Apache Spark Acceleration Using GridGain

GridGain Provides SQL with Indexing for 1,000x Faster Spark Queries

The GridGain in-memory computing platform is built on Apache Ignite which includes an in-memory data grid, compute grid, streaming, and acceleration solutions for Hadoop and Apache Spark. Apache Spark is an open source fast and general engine for large-scale data processing. GridGain and Spark are in-memory computing solutions but they target different use cases and are complementary. They can be used together to achieve superior performance and functionality.
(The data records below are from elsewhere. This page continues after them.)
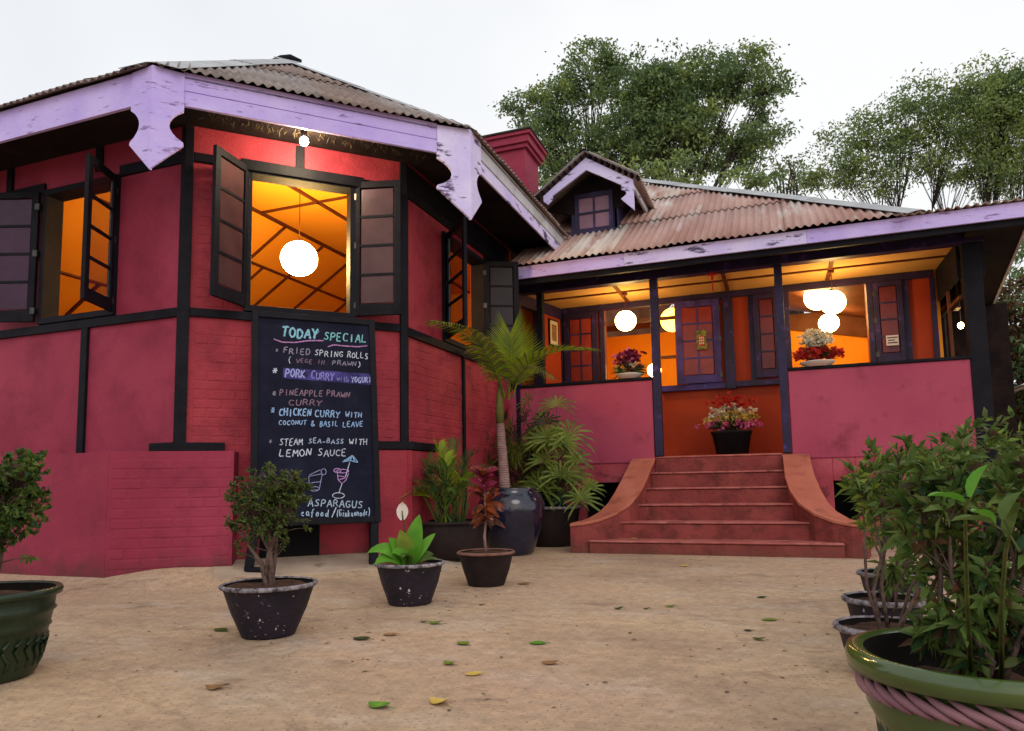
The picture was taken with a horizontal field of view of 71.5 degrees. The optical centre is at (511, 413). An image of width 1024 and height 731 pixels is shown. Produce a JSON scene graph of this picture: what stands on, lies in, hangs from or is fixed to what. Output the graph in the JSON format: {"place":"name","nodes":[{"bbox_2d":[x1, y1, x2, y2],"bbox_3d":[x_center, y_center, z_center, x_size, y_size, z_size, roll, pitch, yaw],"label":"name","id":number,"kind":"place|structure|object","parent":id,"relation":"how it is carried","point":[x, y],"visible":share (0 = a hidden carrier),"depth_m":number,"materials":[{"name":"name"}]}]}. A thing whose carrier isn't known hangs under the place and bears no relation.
{"place":"outdoors","nodes":[
{"label":"outdoors","id":0,"kind":"place"},
{"bbox_2d":[0,528,1023,730],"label":"ground","id":1,"kind":"structure","parent":0,"point":[409,675],"depth_m":3.16,"materials":[{"name":"beige soil"}]},
{"bbox_2d":[0,447,63,683],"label":"potted shrub","id":2,"kind":"object","parent":1,"relation":"on","point":[27,607],"visible":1,"depth_m":2.88,"materials":[{"name":"green plant"}]},
{"bbox_2d":[205,683,231,688],"bbox_3d":[-1.100,1.018,2.666,0.111,0.023,0.053,-3,-6,20],"label":"fallen leaf","id":3,"kind":"object","parent":1,"relation":"on","point":[215,686],"visible":1,"depth_m":2.67,"materials":[{"name":"brown plant"}]},
{"bbox_2d":[214,628,227,630],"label":"fallen leaf","id":4,"kind":"object","parent":1,"relation":"on","point":[218,629],"visible":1,"depth_m":3.79,"materials":[{"name":"green plant"}]},
{"bbox_2d":[218,461,317,639],"bbox_3d":[-1.282,0.691,3.703,0.548,0.891,0.489,-3,-6,20],"label":"potted shrub","id":5,"kind":"object","parent":1,"relation":"on","point":[268,605],"visible":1,"depth_m":3.63,"materials":[{"name":"green plant"}]},
{"bbox_2d":[353,636,373,639],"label":"fallen leaf","id":6,"kind":"object","parent":1,"relation":"on","point":[362,637],"visible":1,"depth_m":3.49,"materials":[{"name":"green plant"}]},
{"bbox_2d":[212,552,515,580],"bbox_3d":[-1.247,1.326,6.310,2.600,0.145,0.512,2,-6,-24],"label":"paved apron","id":7,"kind":"object","parent":1,"relation":"on","point":[322,564],"visible":0.48,"depth_m":6.05,"materials":[{"name":"concrete"}]},
{"bbox_2d":[244,310,380,572],"bbox_3d":[-1.728,0.221,6.216,1.126,2.267,0.353,2,-6,-24],"label":"chalkboard sign","id":8,"kind":"object","parent":7,"relation":"on","point":[314,413],"visible":0.98,"depth_m":6.26,"materials":[{"name":"black paint"}]},
{"bbox_2d":[399,436,492,559],"bbox_3d":[-0.671,0.777,6.834,1.120,1.177,0.802,-3,-6,20],"label":"potted areca","id":9,"kind":"object","parent":7,"relation":"on","point":[454,534],"visible":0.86,"depth_m":6.72,"materials":[{"name":"plant"}]},
{"bbox_2d":[368,701,394,708],"bbox_3d":[-0.447,0.987,2.415,0.112,0.016,0.060,-9,-10,56],"label":"fallen leaf","id":10,"kind":"object","parent":1,"relation":"on","point":[373,704],"visible":1,"depth_m":2.43,"materials":[{"name":"green plant"}]},
{"bbox_2d":[368,502,444,606],"bbox_3d":[-0.656,0.888,4.564,0.451,0.645,0.457,-3,-6,20],"label":"potted peace lily","id":11,"kind":"object","parent":1,"relation":"on","point":[408,565],"visible":1,"depth_m":4.47,"materials":[{"name":"plant"}]},
{"bbox_2d":[429,619,446,623],"bbox_3d":[-0.403,1.118,3.827,0.104,0.023,0.056,-7,-8,46],"label":"fallen leaf","id":12,"kind":"object","parent":1,"relation":"on","point":[432,622],"visible":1,"depth_m":3.84,"materials":[{"name":"green plant"}]},
{"bbox_2d":[430,697,451,705],"bbox_3d":[-0.241,0.982,2.445,0.106,0.023,0.056,-3,-6,20],"label":"fallen leaf","id":13,"kind":"object","parent":1,"relation":"on","point":[433,700],"visible":1,"depth_m":2.46,"materials":[{"name":"yellow plant"}]},
{"bbox_2d":[444,661,457,665],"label":"fallen leaf","id":14,"kind":"object","parent":1,"relation":"on","point":[448,662],"visible":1,"depth_m":2.99,"materials":[{"name":"green plant"}]},
{"bbox_2d":[457,641,469,644],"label":"fallen leaf","id":15,"kind":"object","parent":1,"relation":"on","point":[462,642],"visible":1,"depth_m":3.36,"materials":[{"name":"green plant"}]},
{"bbox_2d":[465,671,486,674],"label":"fallen leaf","id":16,"kind":"object","parent":1,"relation":"on","point":[474,673],"visible":1,"depth_m":2.81,"materials":[{"name":"yellow plant"}]},
{"bbox_2d":[35,553,931,730],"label":"grit","id":17,"kind":"object","parent":1,"relation":"on","point":[485,630],"visible":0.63,"depth_m":3.38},
{"bbox_2d":[457,465,514,587],"bbox_3d":[-0.199,0.833,5.340,0.438,0.891,0.443,-3,-6,20],"label":"potted croton","id":18,"kind":"object","parent":1,"relation":"on","point":[485,566],"visible":1,"depth_m":5.27,"materials":[{"name":"plant"}]},
{"bbox_2d":[0,54,1023,577],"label":"restaurant house","id":19,"kind":"structure","parent":1,"relation":"on","point":[156,218],"depth_m":7.28,"materials":[{"name":"red brick"}]},
{"bbox_2d":[0,192,41,322],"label":"window leaf","id":20,"kind":"structure","parent":19,"relation":"in","point":[19,219],"depth_m":6.75,"materials":[{"name":"black paint"}]},
{"bbox_2d":[36,174,120,324],"bbox_3d":[-4.001,-1.505,6.667,0.970,1.308,0.179,-3,-6,20],"label":"window frame","id":21,"kind":"structure","parent":19,"relation":"in","point":[54,199],"depth_m":6.76,"materials":[{"name":"black paint"}]},
{"bbox_2d":[80,153,117,311],"bbox_3d":[-3.592,-1.561,6.210,0.047,1.260,0.476,-1,-6,-2],"label":"window leaf","id":22,"kind":"structure","parent":19,"relation":"in","point":[106,302],"depth_m":6.12,"materials":[{"name":"black paint"}]},
{"bbox_2d":[210,144,249,306],"bbox_3d":[-2.436,-1.609,6.177,0.047,1.300,0.470,-3,-6,16],"label":"window leaf","id":23,"kind":"structure","parent":19,"relation":"in","point":[230,181],"depth_m":6.14,"materials":[{"name":"black paint"}]},
{"bbox_2d":[280,195,317,275],"bbox_3d":[-2.272,-2.021,7.609,0.380,1.112,0.380,-3,-6,20],"label":"paper globe lamp","id":24,"kind":"object","parent":19,"relation":"hanging from","point":[298,257],"visible":0.92,"depth_m":7.45,"materials":[{"name":"beige paper"}]},
{"bbox_2d":[243,171,355,317],"bbox_3d":[-1.968,-1.553,6.636,0.990,1.328,0.179,2,-6,-24],"label":"window frame","id":25,"kind":"structure","parent":19,"relation":"in","point":[349,191],"depth_m":6.68,"materials":[{"name":"black paint"}]},
{"bbox_2d":[300,130,307,145],"bbox_3d":[-1.838,-2.437,6.291,0.072,0.141,0.072,-3,-6,20],"label":"outdoor bulb","id":26,"kind":"object","parent":19,"relation":"attached to","point":[303,140],"visible":1,"depth_m":6.27,"materials":[{"name":"beige glass"}]},
{"bbox_2d":[354,179,401,316],"bbox_3d":[-1.286,-1.576,6.760,0.473,1.310,0.047,-1,-6,5],"label":"window leaf","id":27,"kind":"structure","parent":19,"relation":"in","point":[373,244],"depth_m":6.75,"materials":[{"name":"black paint"}]},
{"bbox_2d":[446,215,467,338],"bbox_3d":[-0.594,-1.427,7.532,0.047,1.170,0.610,1,-6,-23],"label":"window leaf","id":28,"kind":"structure","parent":19,"relation":"in","point":[462,223],"depth_m":7.43,"materials":[{"name":"black paint"}]},
{"bbox_2d":[441,231,484,357],"bbox_3d":[-0.608,-1.340,8.310,0.179,1.230,1.160,-3,-6,20],"label":"window frame","id":29,"kind":"structure","parent":19,"relation":"in","point":[476,262],"depth_m":8.76,"materials":[{"name":"black paint"}]},
{"bbox_2d":[483,261,519,354],"bbox_3d":[-0.133,-1.311,8.799,0.441,1.170,0.047,0,-6,-6],"label":"window leaf","id":30,"kind":"structure","parent":19,"relation":"in","point":[501,291],"depth_m":8.80,"materials":[{"name":"black paint"}]},
{"bbox_2d":[548,318,558,347],"bbox_3d":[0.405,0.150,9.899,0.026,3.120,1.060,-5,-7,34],"label":"framed picture","id":31,"kind":"object","parent":19,"relation":"attached to","point":[553,334],"visible":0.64,"depth_m":10.33,"materials":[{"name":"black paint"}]},
{"bbox_2d":[562,311,598,382],"bbox_3d":[1.007,-0.921,10.433,0.522,1.135,0.042,-3,-6,20],"label":"window leaf","id":32,"kind":"structure","parent":19,"relation":"in","point":[578,334],"depth_m":10.43,"materials":[{"name":"purple paint"}]},
{"bbox_2d":[615,292,635,330],"bbox_3d":[1.547,-1.389,9.709,0.284,0.523,0.284,-3,-6,20],"label":"paper globe lamp","id":33,"kind":"object","parent":19,"relation":"hanging from","point":[625,319],"visible":1,"depth_m":9.60,"materials":[{"name":"beige paper"}]},
{"bbox_2d":[611,347,647,378],"bbox_3d":[1.497,-0.595,9.077,0.512,0.520,0.443,-1,-6,5],"label":"flower bowl","id":34,"kind":"object","parent":19,"relation":"on","point":[630,358],"visible":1,"depth_m":9.05,"materials":[{"name":"purple plant"}]},
{"bbox_2d":[647,364,652,376],"bbox_3d":[2.437,-1.457,12.302,0.240,1.661,0.240,-3,-6,20],"label":"paper globe lamp","id":35,"kind":"object","parent":19,"relation":"hanging from","point":[649,370],"visible":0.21,"depth_m":12.18,"materials":[{"name":"beige paper"}]},
{"bbox_2d":[660,306,674,331],"bbox_3d":[2.615,-1.846,11.627,0.400,1.025,0.400,-3,-6,20],"label":"paper globe lamp","id":36,"kind":"object","parent":19,"relation":"hanging from","point":[668,325],"visible":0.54,"depth_m":11.48,"materials":[{"name":"beige paper"}]},
{"bbox_2d":[674,298,722,383],"bbox_3d":[2.570,-0.997,9.802,0.604,1.160,0.042,-3,-6,16],"label":"window leaf","id":37,"kind":"structure","parent":19,"relation":"in","point":[701,361],"depth_m":9.80,"materials":[{"name":"paint"}]},
{"bbox_2d":[707,272,716,291],"bbox_3d":[2.445,-1.620,8.682,0.116,0.264,0.070,-6,-8,44],"label":"red tassel","id":38,"kind":"object","parent":19,"relation":"hanging from","point":[711,274],"visible":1,"depth_m":8.67,"materials":[{"name":"red fabric"}]},
{"bbox_2d":[694,391,763,454],"bbox_3d":[2.771,0.118,9.103,0.692,0.836,0.590,1,-6,-17],"label":"flower pot","id":39,"kind":"object","parent":19,"relation":"on","point":[729,440],"visible":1,"depth_m":9.03,"materials":[{"name":"black plant"}]},
{"bbox_2d":[752,293,778,377],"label":"window leaf","id":40,"kind":"structure","parent":19,"relation":"in","point":[766,316],"depth_m":9.52,"materials":[{"name":"purple paint"}]},
{"bbox_2d":[804,290,827,309],"bbox_3d":[4.499,-1.724,10.475,0.380,0.394,0.380,-3,-6,20],"label":"paper globe lamp","id":41,"kind":"object","parent":19,"relation":"hanging from","point":[812,299],"visible":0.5,"depth_m":10.36,"materials":[{"name":"beige paper"}]},
{"bbox_2d":[792,328,844,366],"bbox_3d":[3.572,-0.781,8.319,0.572,0.468,0.390,-3,-6,20],"label":"flower bowl","id":42,"kind":"object","parent":19,"relation":"on","point":[816,351],"visible":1,"depth_m":8.27,"materials":[{"name":"red plant"}]},
{"bbox_2d":[818,313,838,331],"bbox_3d":[5.081,-1.466,11.412,0.310,0.326,0.310,-3,-6,20],"label":"paper globe lamp","id":43,"kind":"object","parent":19,"relation":"hanging from","point":[829,322],"visible":0.81,"depth_m":11.30,"materials":[{"name":"beige paper"}]},
{"bbox_2d":[820,270,845,313],"bbox_3d":[3.963,-1.506,8.807,0.300,0.548,0.300,-3,-6,20],"label":"paper globe lamp","id":44,"kind":"object","parent":19,"relation":"hanging from","point":[832,301],"visible":1,"depth_m":8.70,"materials":[{"name":"beige paper"}]},
{"bbox_2d":[872,280,906,361],"bbox_3d":[4.782,-1.173,9.030,0.342,1.035,0.042,-3,-6,20],"label":"window leaf","id":45,"kind":"structure","parent":19,"relation":"in","point":[889,320],"depth_m":9.02,"materials":[{"name":"purple paint"}]},
{"bbox_2d":[946,291,961,356],"bbox_3d":[5.077,-1.012,8.132,0.030,0.930,0.600,-3,-6,20],"label":"end window frame","id":46,"kind":"structure","parent":19,"relation":"in","point":[950,305],"depth_m":8.36,"materials":[{"name":"brown wood"}]},
{"bbox_2d":[958,302,963,328],"bbox_3d":[6.286,-1.423,9.987,0.076,0.466,0.076,-3,-6,20],"label":"hanging bulb","id":47,"kind":"object","parent":19,"relation":"hanging from","point":[960,325],"visible":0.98,"depth_m":9.96,"materials":[{"name":"beige glass"}]},
{"bbox_2d":[426,307,601,555],"bbox_3d":[-0.144,0.182,7.464,1.853,2.597,1.392,1,-6,-20],"label":"potted palm","id":48,"kind":"object","parent":1,"relation":"on","point":[521,516],"visible":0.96,"depth_m":7.46,"materials":[{"name":"plant"}]},
{"bbox_2d":[529,641,548,643],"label":"fallen leaf","id":49,"kind":"object","parent":1,"relation":"on","point":[537,642],"visible":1,"depth_m":3.34,"materials":[{"name":"green plant"}]},
{"bbox_2d":[484,389,605,546],"bbox_3d":[0.318,0.644,8.726,1.778,1.910,1.102,-3,-6,20],"label":"potted lady palm","id":50,"kind":"object","parent":1,"relation":"on","point":[560,517],"visible":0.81,"depth_m":8.42,"materials":[{"name":"ceramic"}]},
{"bbox_2d":[541,660,563,663],"bbox_3d":[0.169,1.032,2.959,0.096,0.014,0.046,-3,-6,20],"label":"fallen leaf","id":51,"kind":"object","parent":1,"relation":"on","point":[550,662],"visible":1,"depth_m":2.97,"materials":[{"name":"brown plant"}]},
{"bbox_2d":[487,34,806,308],"bbox_3d":[4.837,-5.766,26.525,11.907,18.202,4.518,-3,-6,20],"label":"tree","id":52,"kind":"object","parent":1,"relation":"on","point":[656,104],"visible":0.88,"depth_m":26.09,"materials":[{"name":"green plant"}]},
{"bbox_2d":[615,141,708,185],"bbox_3d":[4.364,-2.510,21.066,3.970,10.670,1.876,-3,-6,20],"label":"tree","id":53,"kind":"object","parent":1,"relation":"on","point":[666,168],"visible":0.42,"depth_m":21.12,"materials":[{"name":"green plant"}]},
{"bbox_2d":[538,158,799,313],"bbox_3d":[4.417,-2.463,21.086,7.838,10.579,1.850,-3,-6,20],"label":"tree","id":54,"kind":"object","parent":1,"relation":"on","point":[762,179],"visible":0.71,"depth_m":20.31,"materials":[{"name":"green plant"}]},
{"bbox_2d":[570,453,870,558],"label":"entrance steps","id":55,"kind":"structure","parent":1,"relation":"on","point":[755,505],"depth_m":7.62,"materials":[{"name":"red concrete"}]},
{"bbox_2d":[761,618,781,619],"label":"fallen leaf","id":56,"kind":"object","parent":1,"relation":"on","point":[770,619],"visible":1,"depth_m":3.79,"materials":[{"name":"green plant"}]},
{"bbox_2d":[775,48,1023,210],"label":"tree","id":57,"kind":"object","parent":1,"relation":"on","point":[990,127],"visible":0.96,"depth_m":25.81,"materials":[{"name":"green plant"}]},
{"bbox_2d":[832,444,1011,648],"bbox_3d":[1.567,0.554,2.708,0.663,0.873,0.517,-3,-6,20],"label":"potted shrub","id":58,"kind":"object","parent":1,"relation":"on","point":[846,627],"visible":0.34,"depth_m":2.76,"materials":[{"name":"green plant"}]},
{"bbox_2d":[841,405,1023,618],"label":"potted shrub","id":59,"kind":"object","parent":1,"relation":"on","point":[858,602],"visible":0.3,"depth_m":3.27,"materials":[{"name":"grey plant"}]},
{"bbox_2d":[845,419,1023,730],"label":"potted shrub","id":60,"kind":"object","parent":1,"relation":"on","point":[941,666],"visible":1,"depth_m":1.73,"materials":[{"name":"green plant"}]},
{"bbox_2d":[854,447,1023,594],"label":"potted shrub","id":61,"kind":"object","parent":1,"relation":"on","point":[869,540],"visible":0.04,"depth_m":4.15,"materials":[{"name":"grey plant"}]},
{"bbox_2d":[995,270,1023,456],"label":"tree","id":62,"kind":"object","parent":1,"relation":"on","point":[1015,316],"visible":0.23,"depth_m":11.63,"materials":[{"name":"green plant"}]},
{"bbox_2d":[997,196,1023,301],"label":"tree","id":63,"kind":"object","parent":1,"relation":"on","point":[1020,255],"visible":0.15,"depth_m":18.51,"materials":[{"name":"green plant"}]},
{"bbox_2d":[997,430,1023,531],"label":"garden bush","id":64,"kind":"object","parent":1,"relation":"on","point":[1022,440],"visible":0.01,"depth_m":8.77,"materials":[{"name":"green plant"}]},
{"bbox_2d":[1013,371,1023,430],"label":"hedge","id":65,"kind":"object","parent":1,"relation":"on","point":[1020,402],"depth_m":13.33,"materials":[{"name":"green plant"}]},
{"bbox_2d":[1014,384,1023,392],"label":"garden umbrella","id":66,"kind":"object","parent":1,"relation":"on","point":[1018,388],"visible":0.44,"depth_m":11.50,"materials":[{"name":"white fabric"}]},
{"bbox_2d":[0,0,1023,381],"label":"sky","id":67,"kind":"structure","parent":0,"point":[450,59],"materials":[{"name":"white"}]},
{"bbox_2d":[769,153,807,313],"bbox_3d":[9.385,-3.002,23.553,1.282,11.762,0.355,-3,-6,20],"label":"leafy tree","id":68,"kind":"object","parent":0,"point":[793,174],"visible":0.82,"depth_m":23.99,"materials":[{"name":"green plant"}]}
]}

Apache Spark Plus GridGain for Faster SQL Queries

Apache Spark supports a fairly rich SQL syntax. However, it doesn’t support indexing the data so Spark must do full scans all the time. Spark queries may take minutes, even on moderately small data sets. GridGain supports SQL indexes for faster queries, so Spark SQL can be accelerated over 1,000x when using Spark plus GridGain. The result set returned by GridGain Shared RDDs also supports Spark Dataframe API, so it can be further analyzed using standard Spark data frames as well. Both Apache Spark and GridGain natively integrate with Apache YARN and Apache Mesos so they can easily be used together.

GridGain and Apache Spark Integration

The Shared RDD API implemented in GridGain is one of the main integrations for GridGain and Apache Spark. Spark shared RDDs are essentially wrappers around GridGain caches which can be deployed directly inside of Spark processes that are executing Spark jobs. Spark shared RDDs can also be used with the cache-aside pattern, where GridGain clusters are deployed separately from Spark, but still in-memory. The data is still accessed using Spark RDD APIs.

GridGain RDDs are used through IgniteContext which is the main entry point into GridGain RDDs. It allows users to specify different GridGain configurations. GridGain can be accessed in client mode or server mode. Users can create new shared RDDs, which essentially means that new GridGain caches are created with different configurations and different indexing strategies. GridGain supports fully replicated or partitioned caches to support a variety of partitioning and replication strategies.

Everything that can be done in GridGain can be done with IgniteContext by passing a proper GridGain configuration. The RDD syntax is native so it can be accessed using the native Spark RDD syntax. The main difference is that GridGain RDDs are mutable while Spark RDDs are immutable. Mutable GridGain RDDs enable them to be updated at the end of or during every job or task execution and ensures that other applications and jobs can be notified and can read the state.

Shared In-Memory File System with Apache Spark Plus GridGain

When working with files instead of RDDs, it is still possible to share state between Spark jobs and applications using the GridGain In-Memory File System (GGFS). GGFS implements the Hadoop FileSystem API and can be deployed as a native Hadoop file system, just like HDFS. GridGain plugs in natively to any Hadoop environment and any Spark environment. An in-memory file system can be used with zero code changes in plug-n-play fashion.